The five principles have been clear for more than 20 years, and some district leaders have tried to put them into practice. But progressive interest groups keen to right wrongs against marginalized groups have largely ignored—or in some cases attacked—these principles, as they often worked against their vested interests. (The exception, Education Trust, picked up on transparent pupil-based budgeting and got a form of it written into California law).

Why has the progressive left looked the other way? Three reasons. First, there are juicier targets, like inequitable state school finance systems, that can be attacked more cheaply through litigation and can swing impressive amounts of money even if their results are often disappointing. Second, attacking institutionally-racist practices inside school districts would pit progressive groups against teachers unions and middle-class parents, who are key funders and allies in other matters. Third, a successful propaganda operation has cast parent choice and performance-based oversight as intrusions of market thinking, and steps toward taking the public out of public education—i.e., privatization.

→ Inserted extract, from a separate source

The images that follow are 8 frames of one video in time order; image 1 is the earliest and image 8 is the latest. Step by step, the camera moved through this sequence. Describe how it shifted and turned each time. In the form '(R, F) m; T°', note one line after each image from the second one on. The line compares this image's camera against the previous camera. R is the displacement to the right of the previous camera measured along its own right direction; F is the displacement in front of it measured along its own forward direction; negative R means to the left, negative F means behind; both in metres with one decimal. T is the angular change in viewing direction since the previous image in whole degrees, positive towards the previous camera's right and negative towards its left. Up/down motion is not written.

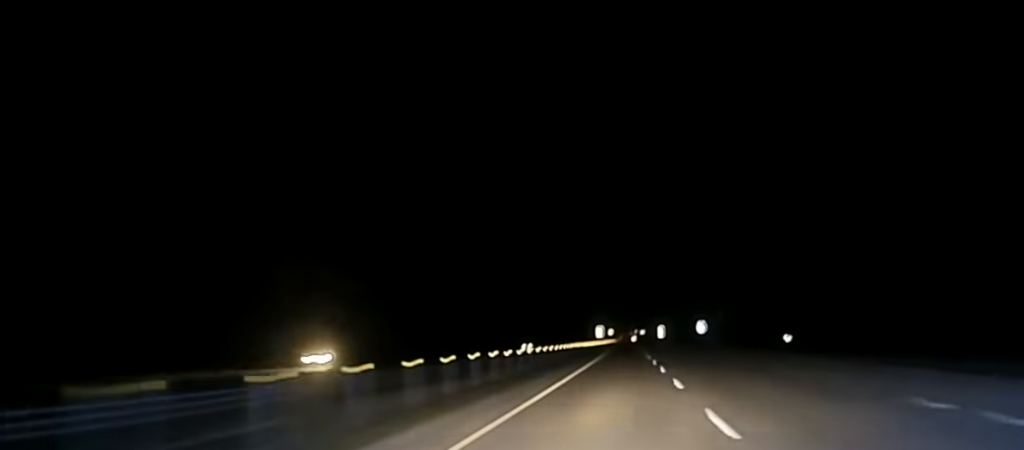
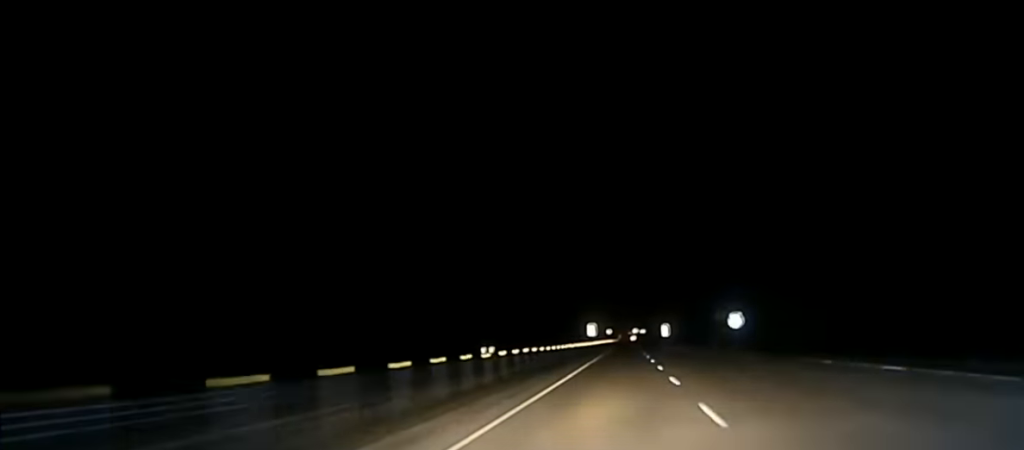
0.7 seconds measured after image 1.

The third reason is the most harmful. It implicitly asserts(link is external) that the institutional biases identified above are part of a seamless web of arrangements that make up public education, and that any challenge to them threatens the whole. This can’t be true, since with these practices school districts can’t serve their core purpose of educating all children effectively. In other words, this is a failure to distinguish between the purposes of public education and the means or delivery system created to achieve those ends..

This does, however, raise the often-discussed question among many reformers, why can’t a politics of pro-school finance reform and pro-structural reform emerge, since a lot of people, myself included, support both and school finance is remarkably inequitable. But perhaps the question answers itself.